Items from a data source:
--------

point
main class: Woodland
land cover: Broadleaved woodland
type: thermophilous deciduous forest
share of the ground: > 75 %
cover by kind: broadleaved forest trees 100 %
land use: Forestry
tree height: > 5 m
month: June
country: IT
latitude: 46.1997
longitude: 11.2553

--------

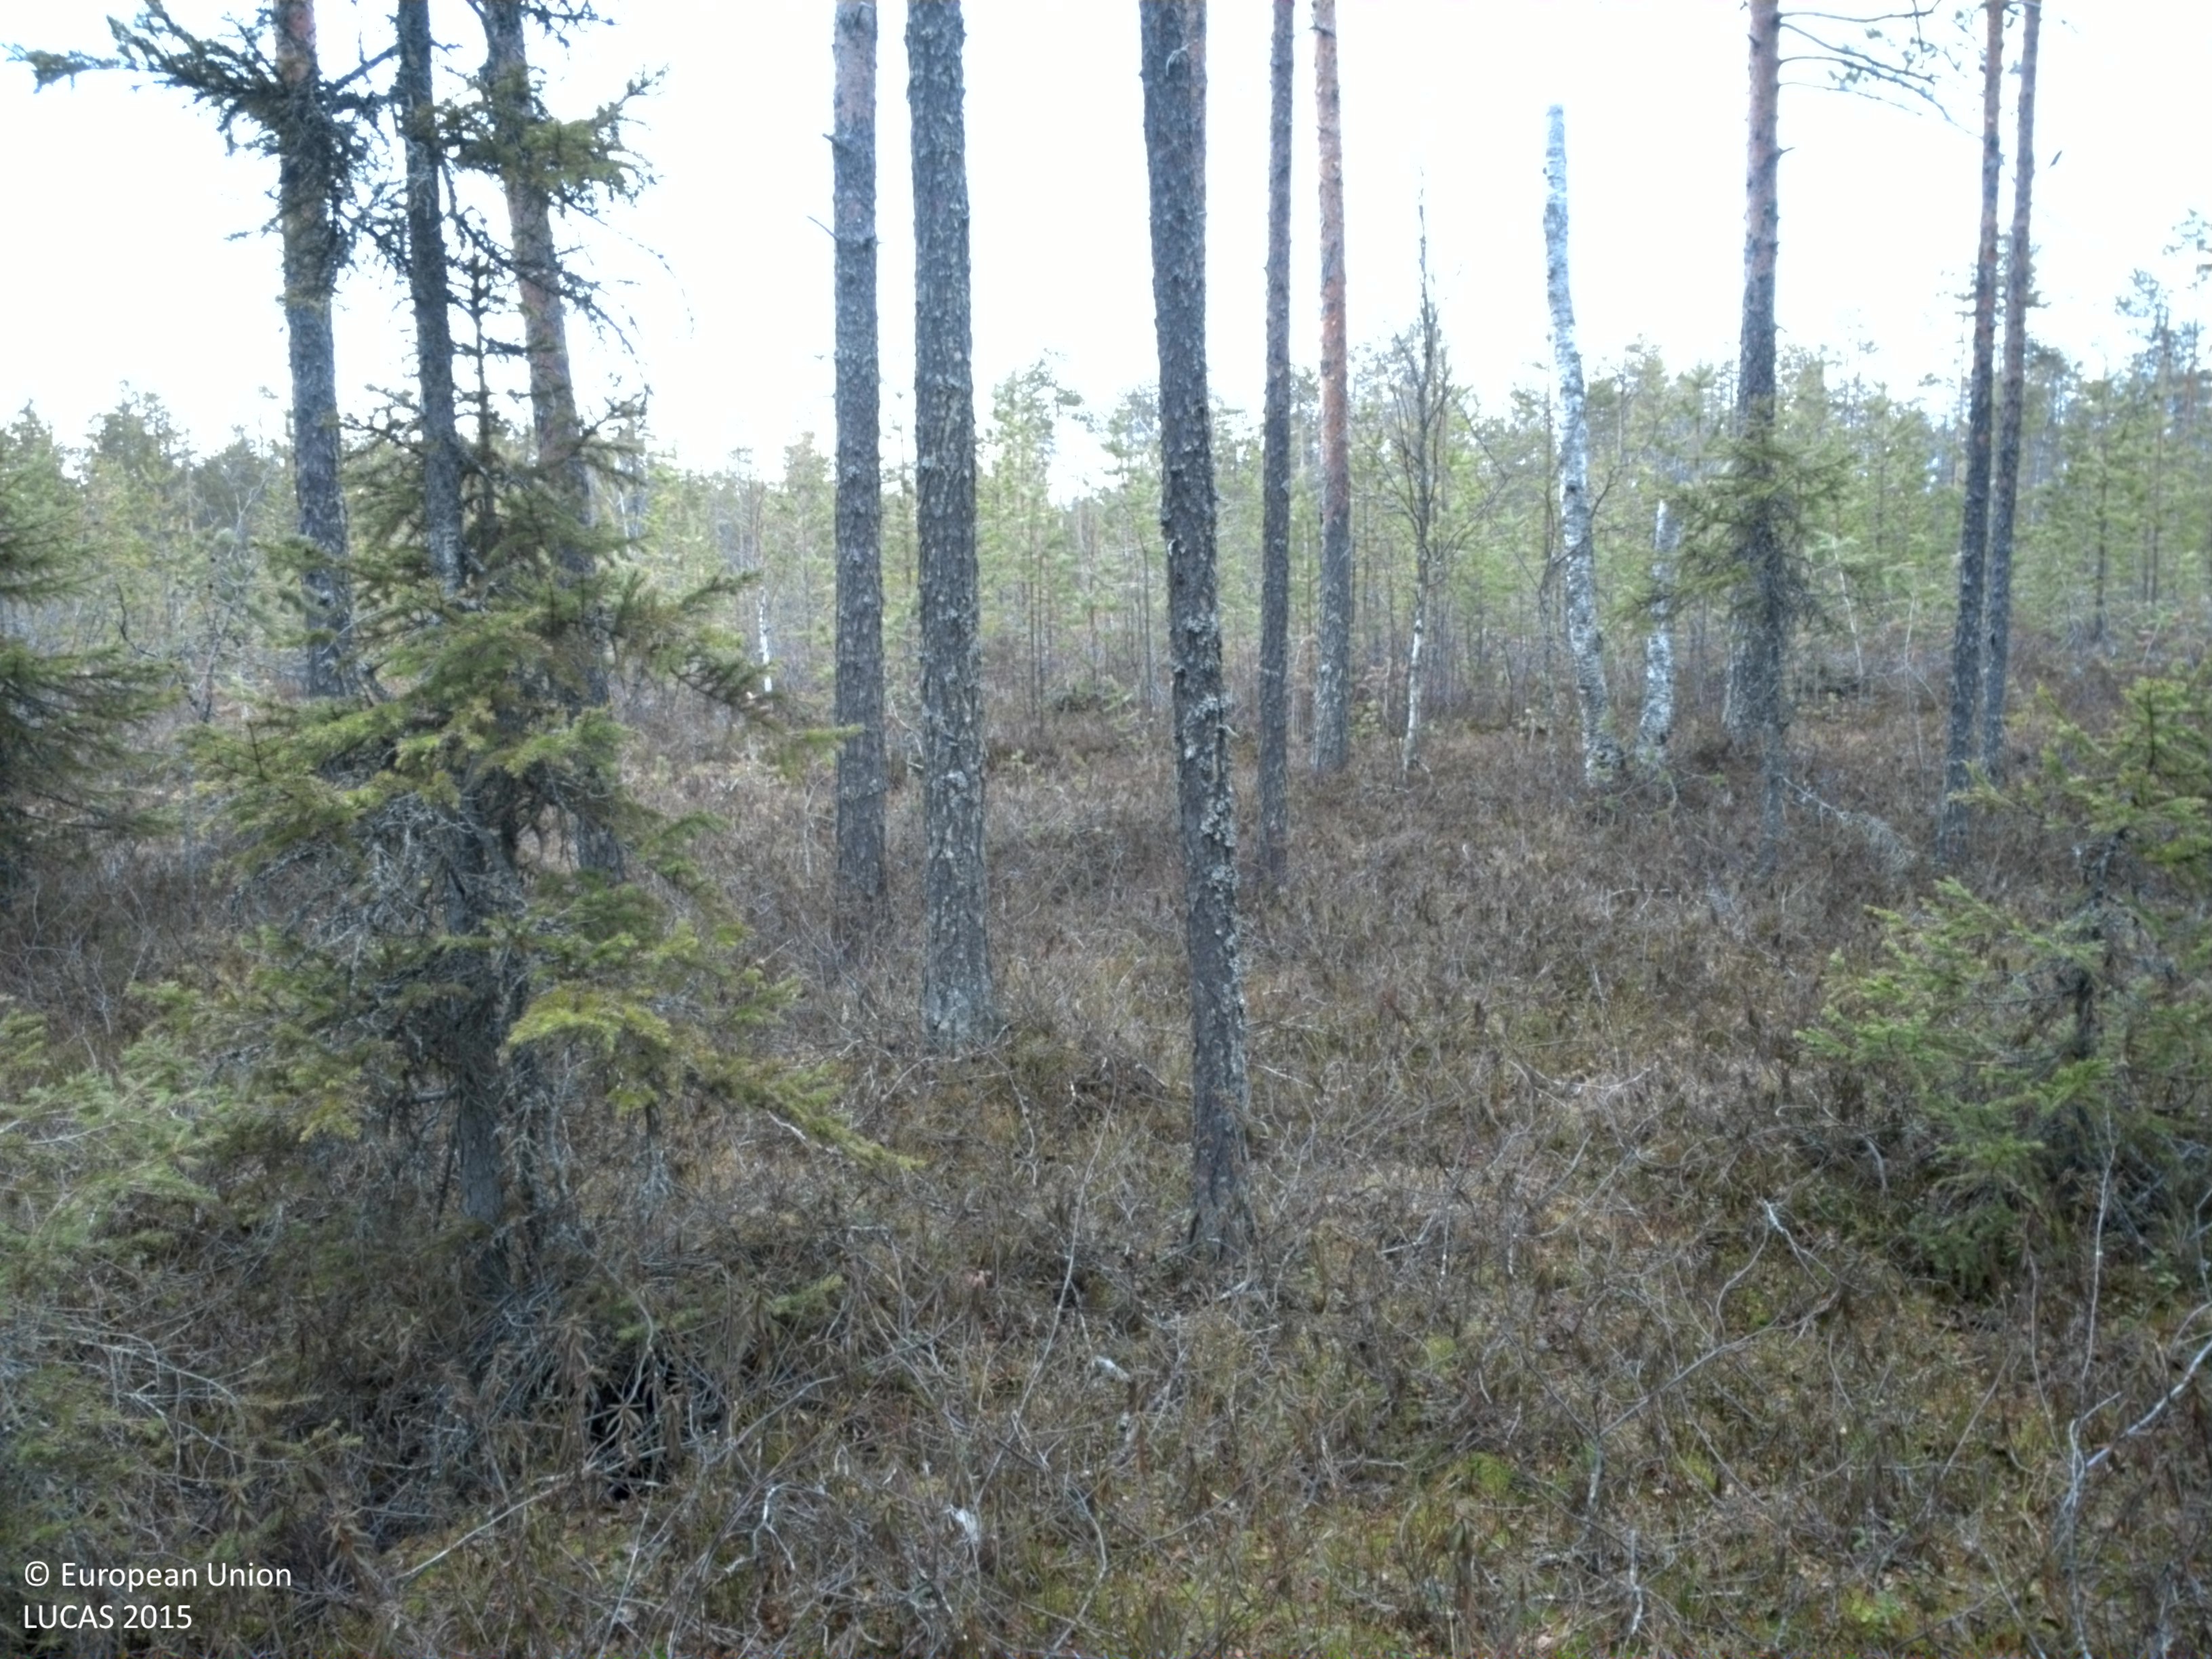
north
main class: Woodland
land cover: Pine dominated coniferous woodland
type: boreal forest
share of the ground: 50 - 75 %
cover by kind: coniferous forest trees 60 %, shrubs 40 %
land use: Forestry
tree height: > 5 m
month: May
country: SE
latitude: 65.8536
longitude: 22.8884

--------

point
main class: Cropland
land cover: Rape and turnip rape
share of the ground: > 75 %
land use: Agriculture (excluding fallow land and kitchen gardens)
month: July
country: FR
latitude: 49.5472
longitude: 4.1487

--------

__Task details__
In the entries above, find the line with "cover by kind: coniferous" and the line with "longitude: 22.8884", then restate word for word both of them and every line between, with nothing more.

__Written solution__
cover by kind: coniferous forest trees 60 %, shrubs 40 %
land use: Forestry
tree height: > 5 m
month: May
country: SE
latitude: 65.8536
longitude: 22.8884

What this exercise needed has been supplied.